É possível atribuir aspectos de democracia direta aos abaixo-assinados online?

Sim, a atual Constituição Federal brasileira tem uma novidade em relação às anteriores, que sempre atribuíram ao poder do povo um caráter simbólico, falavam que todo o poder emanava do povo e em seu nome era exercido pelos representantes. A nossa Constituição fala que não, que é o próprio povo que exerce o poder, diretamente ou pelos seus representantes. Isso significa que o parlamento vai ser substituído, que a democracia direta vai substituir a democracia participativa? Acho que não. Mas acho que é bem o espírito da Constituição brasileira. A democracia direta, o povo exercendo o poder diretamente, melhora a qualidade da democracia representativa, faz com que ela não seja algo de um voto a cada quatro anos, mas obriga um diálogo constante entre os representantes eleitos e o povo.

A Casa Branca já tem uma plataforma oficial de abaixo-assinados na qual, após um determinado número de assinaturas, o governo é obrigado a se posicionar. Há alguma discussão no Brasil hoje para dar algum tipo de valor legal a esse tipo de petição?

Isso tem sido discutido por vários parlamentares. Uma das entregas que a gente fez pro presidente da Câmara, sobre trabalho escravo, o Marco Maia era presidente à época, ele falou sobre isso, falou que a gente precisa mudar a legislação para dar mais poder para isso. O (senador) Pedro Taques disse que está montando um pacote sobre isso, que inclui a possibilidade de pedido de urgência no parlamento se você tiver uma série de assinaturas.
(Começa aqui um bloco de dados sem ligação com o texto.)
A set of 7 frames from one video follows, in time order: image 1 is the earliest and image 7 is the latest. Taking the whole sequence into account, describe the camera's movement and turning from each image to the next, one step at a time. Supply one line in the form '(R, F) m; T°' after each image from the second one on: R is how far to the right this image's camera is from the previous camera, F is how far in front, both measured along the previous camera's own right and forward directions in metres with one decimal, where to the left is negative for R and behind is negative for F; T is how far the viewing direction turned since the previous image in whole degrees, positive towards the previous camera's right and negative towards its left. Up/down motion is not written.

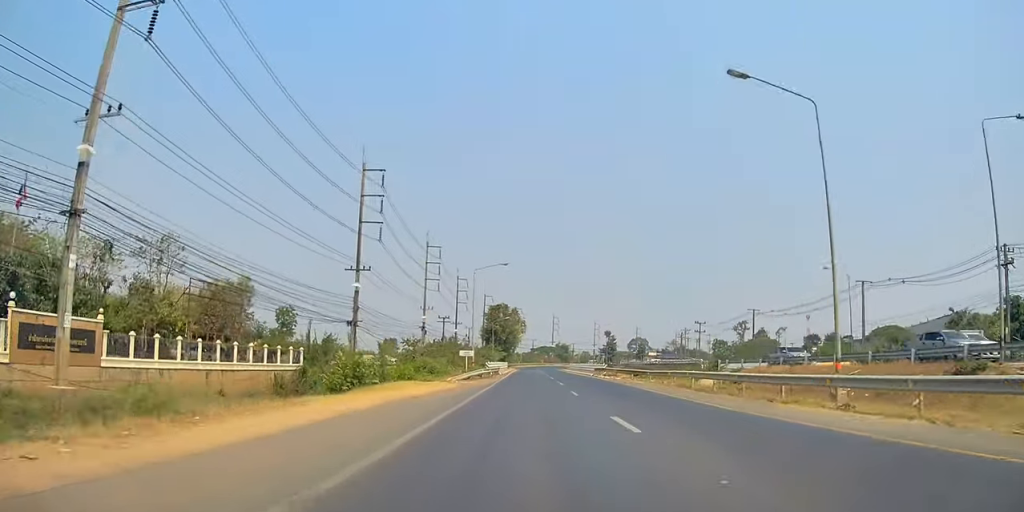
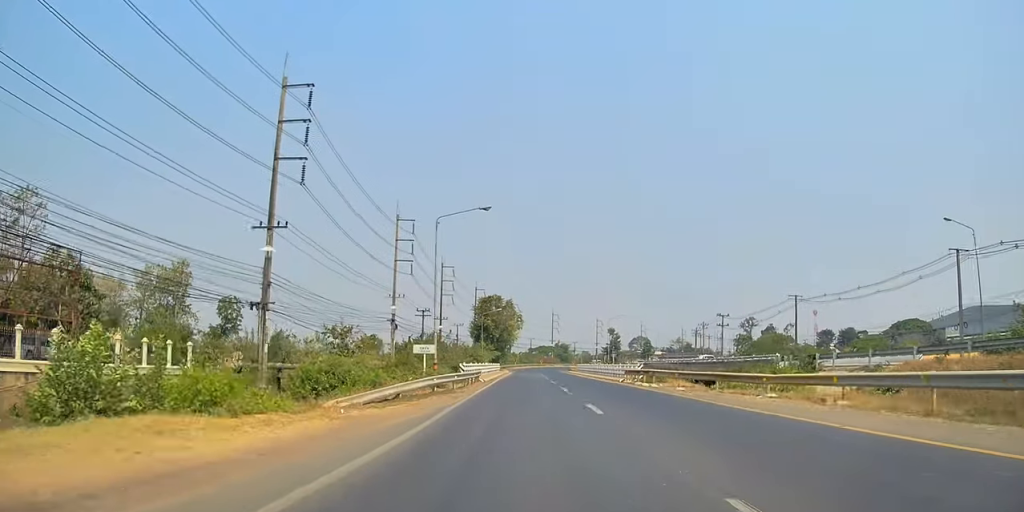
(+0.3, +20.8) m; 0°
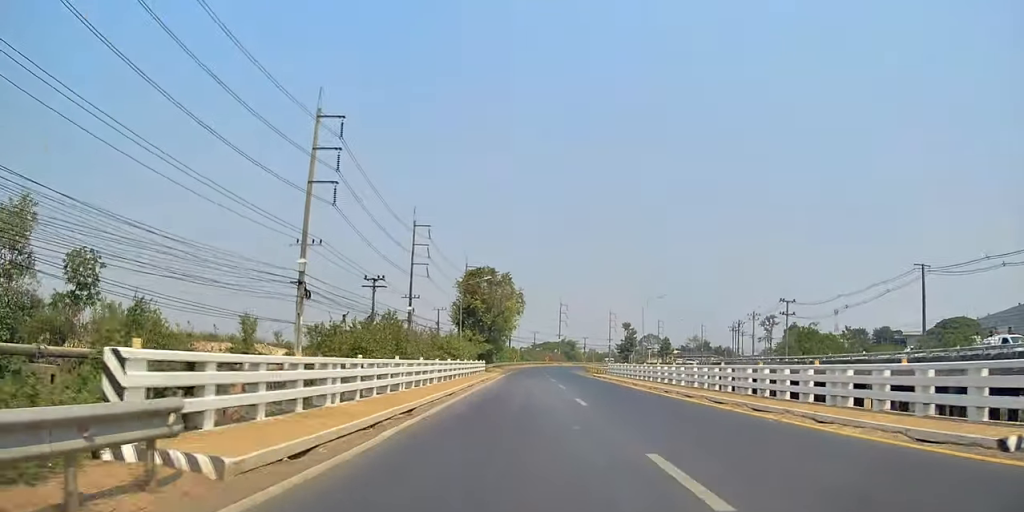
(-0.8, +32.6) m; 0°
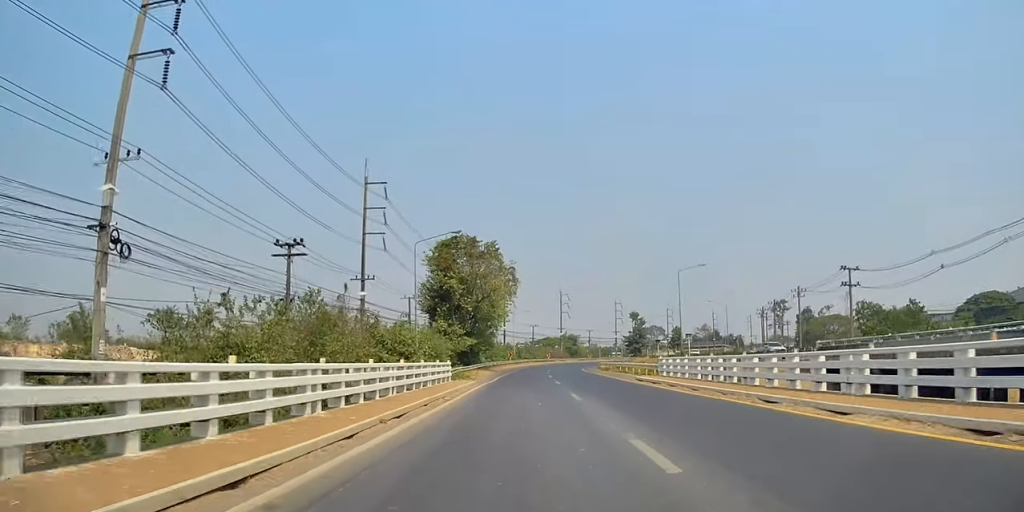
(+0.6, +23.2) m; +1°
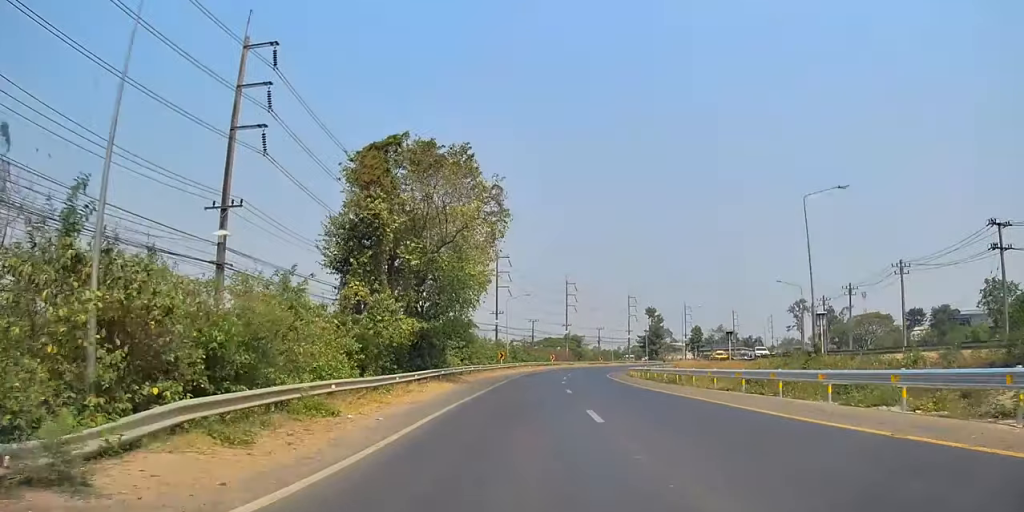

Isso é o reconhecimento das petições online como petições juridicamente válidas. Vários políticos têm falado disso, é uma agenda nova, e o Brasil está na ponta dessa agenda, da relação da internet com a política. A própria elaboração do marco civil da internet, que foi feito por meio de um debate publico na internet, coloca o Brasil nessa vanguarda e acho que agora é o momento de depurar isso, de entender como fazer isso crescer.

Quando você vai ao Congresso, que reação sente por parte dos políticos aos abaixo-assinados?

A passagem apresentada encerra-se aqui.